En verano de aquel 1859, García trasladó por tierra hasta el sumergible desde Barcelona hasta puerto de Alicante. Desde allí siguió un completo programa de ensayos. El 4 de agosto de 1860, García y su hijo efectuaron el examen oficial ante una comisión de científicos marinos, autoridades locales y curiosos. El acta de la Comandancia de Marina aseguró que las pruebas fueron aprobadas. Había permanecido sumergido durante tres cuartos de hora de forma constante, maniobraba y se desplazaba sin problemas tanto por la superficie como por el fondo marino.
En aquel momento, el Garcibuzo de García competía con el Ictíneo I de Narcis Monturiol para que la Real Armada española lo adoptase y desarrollara como prototipo de submarino oficial. No tenía mucho tiempo y en vista del buen resultado, se dispuso a construir otra nueva versión con nuevas incorporaciones.
El nuevo Garcibuzo iba a tener una utilidad de combate, equipado con un cañón de retrocarga que disparase por aberturas a proa y popa. Otra novedad fue su forro metálico de cobre. Fue trasladado a la Corte de Isabel II, y presentado a la reina. Aunque fue recibido con entusiasmo y admirado por su ingenio, el gobierno de Leopoldo O’Donnell le advirtió que el Estado no podía ni comprar su sumergible ni adoptarlo para ser desarrollado por la Marina. La principal fue el fuerte endeudamiento del Ejército debido a la Guerra de África de 1860-1861, pero también sería por la preferencia del proyecto de su competidor Narcís Monturiol.
Tras patentar su tercer sumergible en Madrid, marchó a París donde lo hizo el 5 de mayo de 1861. La Marina francesa estaba interesada en ponerse a la vanguardia en este tipo de barcos sumergibles aún por desarrollar.

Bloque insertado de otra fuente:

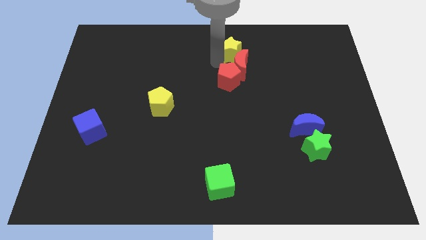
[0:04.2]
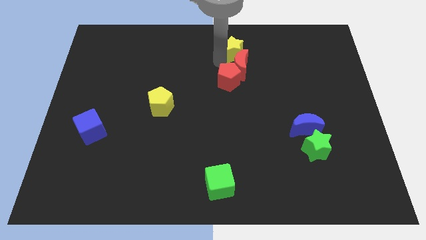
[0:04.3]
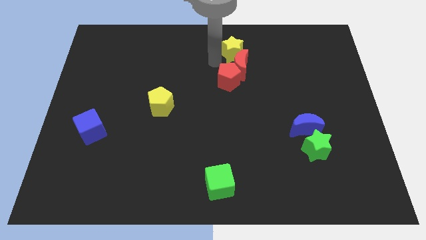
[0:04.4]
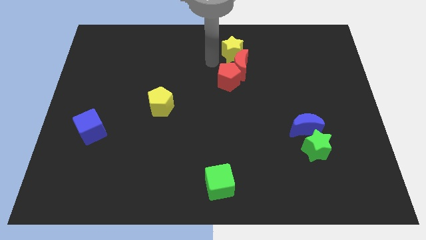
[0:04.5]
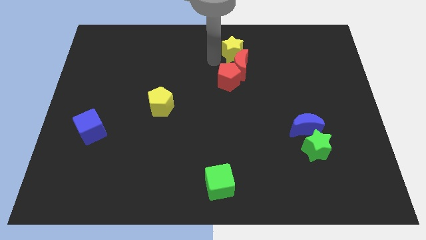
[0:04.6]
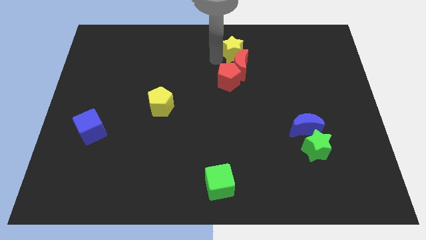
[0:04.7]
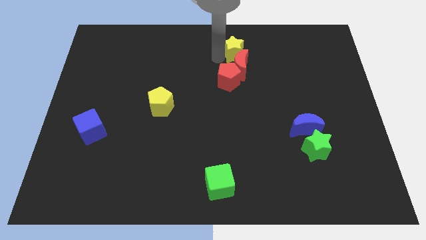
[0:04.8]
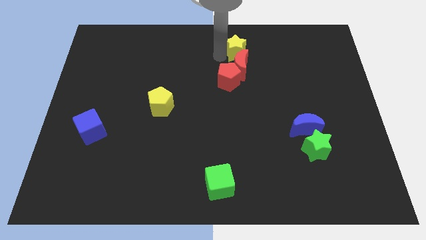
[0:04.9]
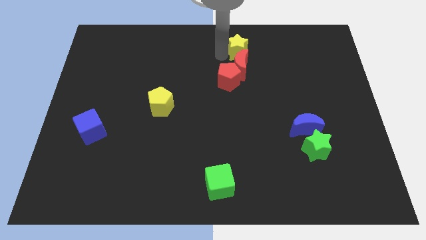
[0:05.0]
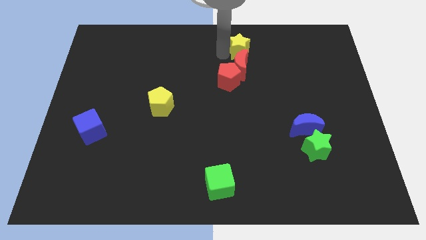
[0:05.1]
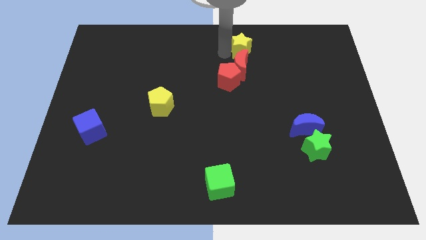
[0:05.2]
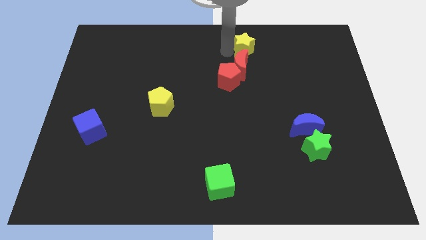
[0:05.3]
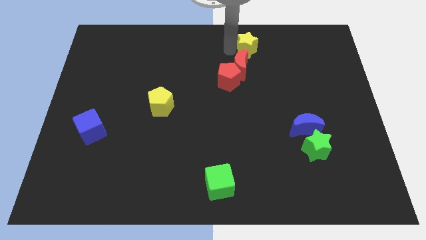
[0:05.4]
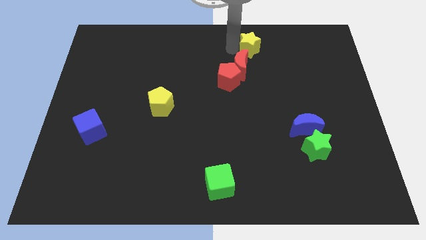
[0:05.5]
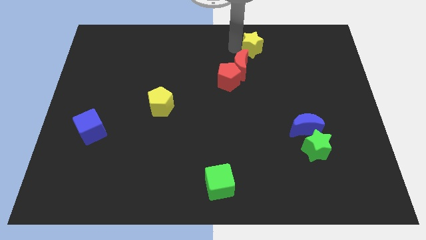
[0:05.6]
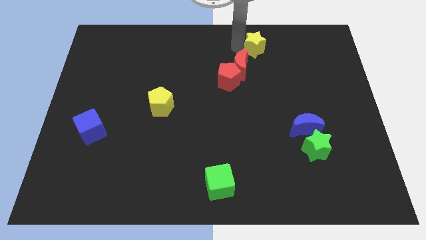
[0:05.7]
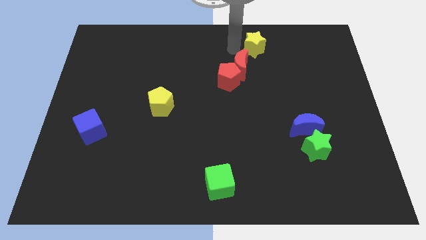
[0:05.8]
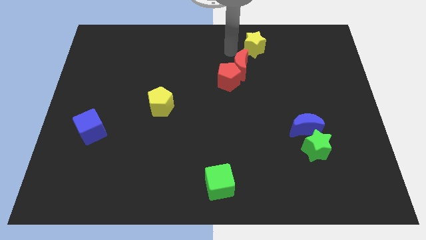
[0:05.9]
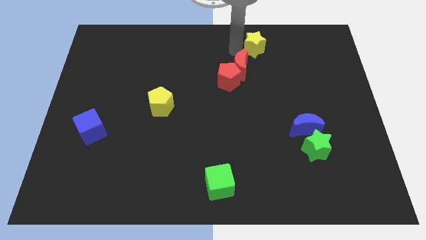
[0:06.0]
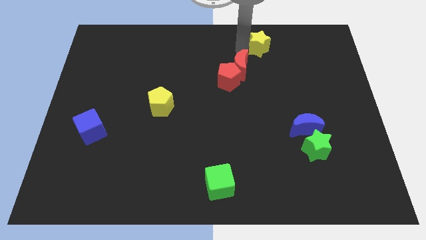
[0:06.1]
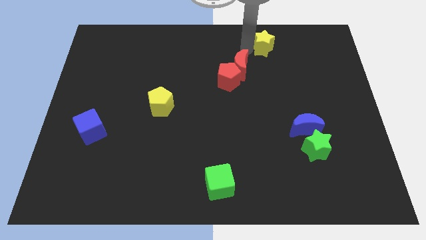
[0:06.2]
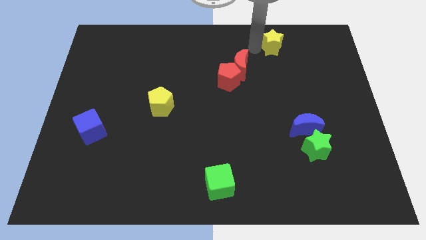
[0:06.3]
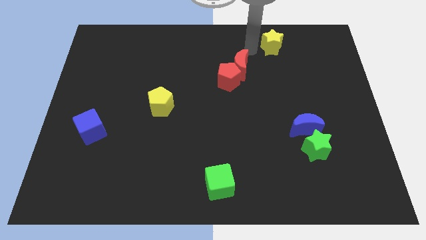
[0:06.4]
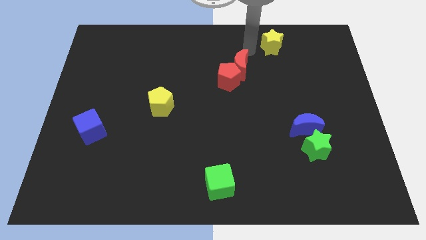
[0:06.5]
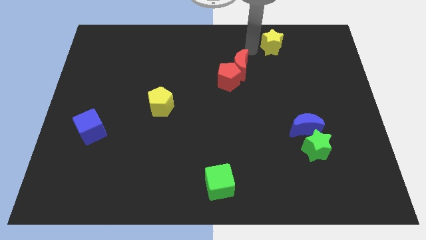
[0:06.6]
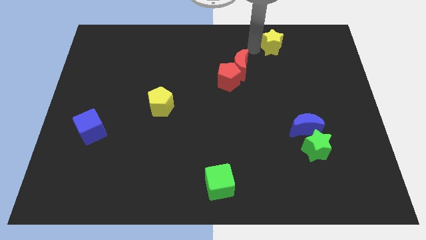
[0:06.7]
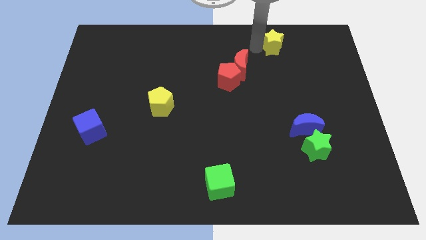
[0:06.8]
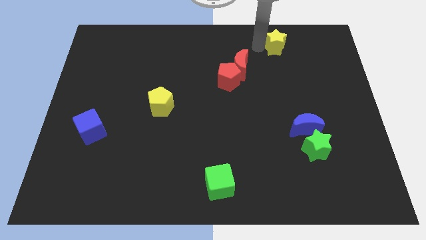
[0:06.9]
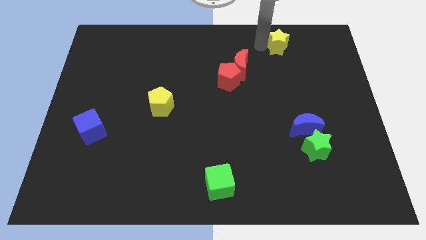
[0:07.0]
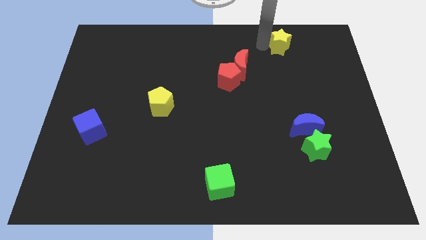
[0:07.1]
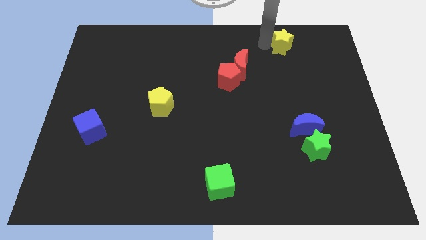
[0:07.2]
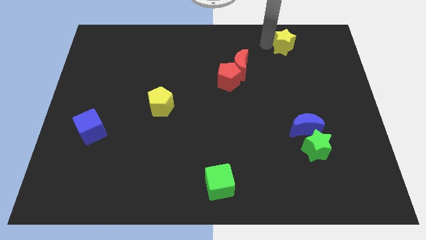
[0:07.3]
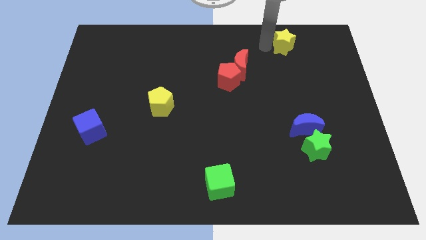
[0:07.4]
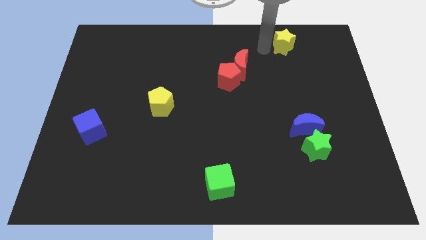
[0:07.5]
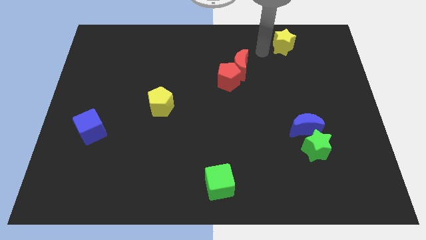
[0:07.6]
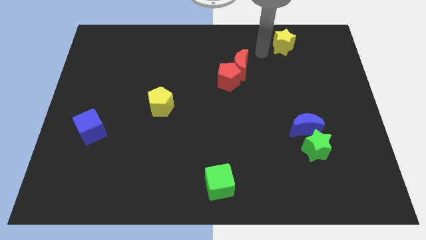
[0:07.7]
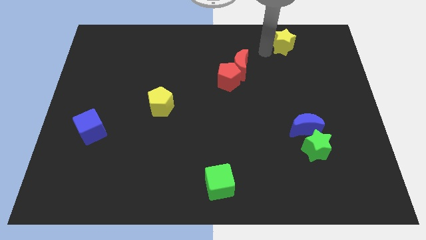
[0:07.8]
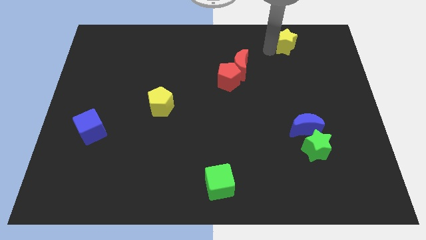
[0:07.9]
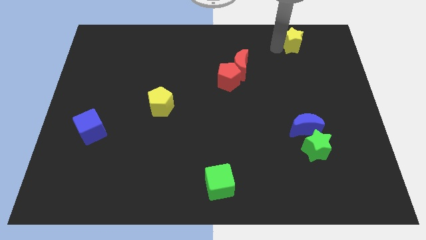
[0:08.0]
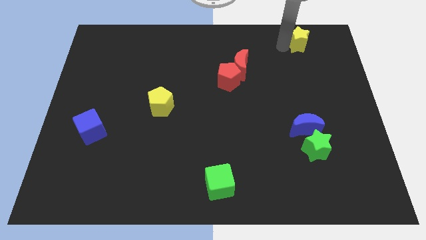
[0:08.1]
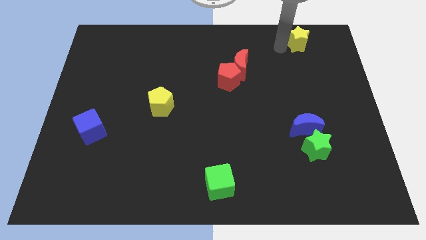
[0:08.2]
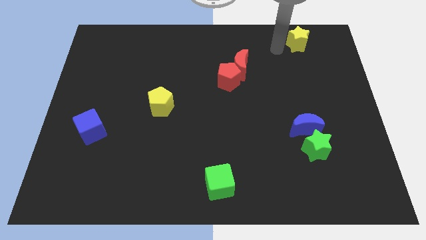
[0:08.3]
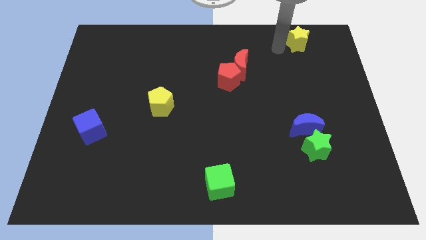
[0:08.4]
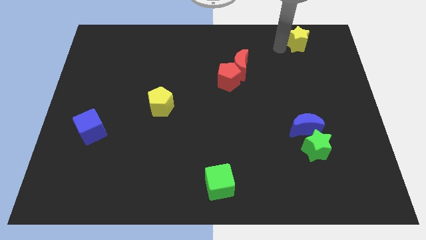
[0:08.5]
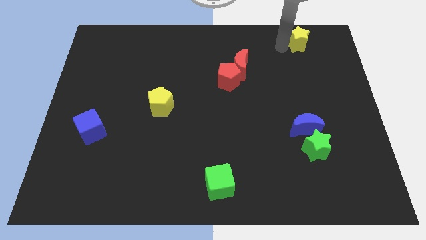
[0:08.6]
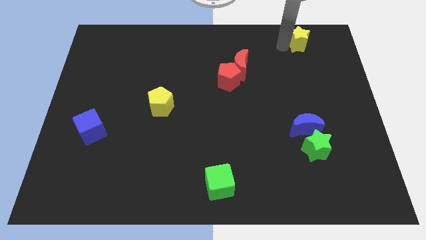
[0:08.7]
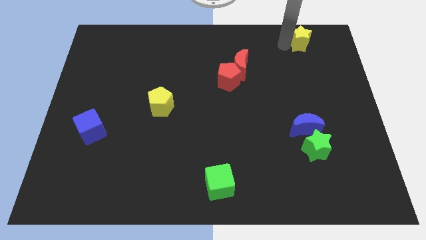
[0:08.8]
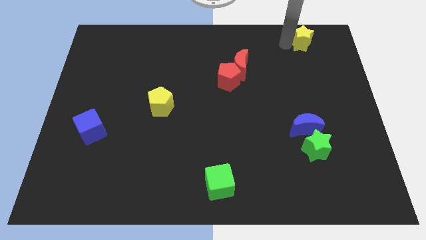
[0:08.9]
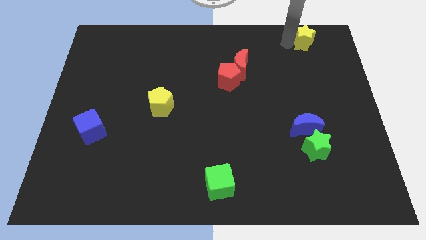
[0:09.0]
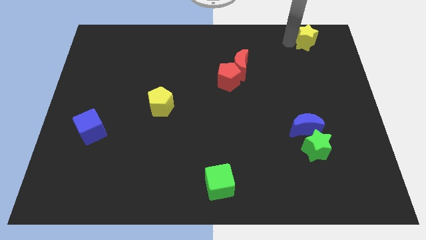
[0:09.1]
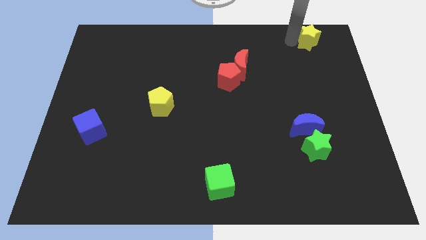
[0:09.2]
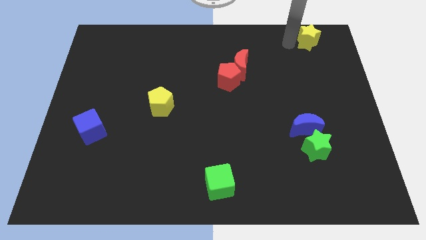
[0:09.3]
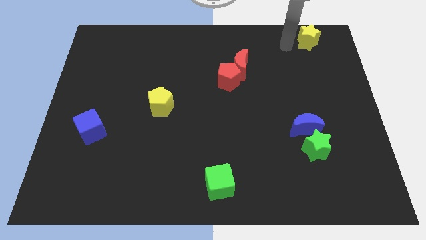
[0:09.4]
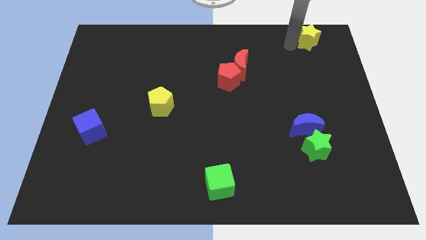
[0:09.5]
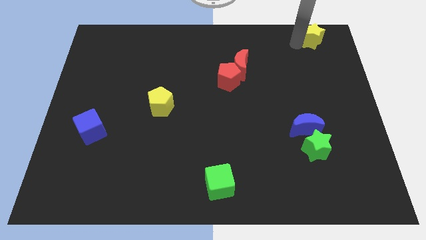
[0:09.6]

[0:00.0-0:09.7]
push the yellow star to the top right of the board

Por eso, García fue recibido por el gobierno de Napoleón III, y sus técnicos se mostraron agradecidos, pero ya tenían su propio proyecto de ingeniería submarina en marcha, que también llegó a fracasar.
| RÉPLICA DEL SUBMARINO GARCIBUZO DE COSME GARCÍA SÁENZ |
García estaba fracasando con su sueño de convertir su prototipo de submarino en una realidad, después de haber invertido todo el dinero ganado con la máquina de sellar de Correos. Aún tuvo esperanzas cuando patentó otros modelos del anterior fusil de retrocarga aún mejorados.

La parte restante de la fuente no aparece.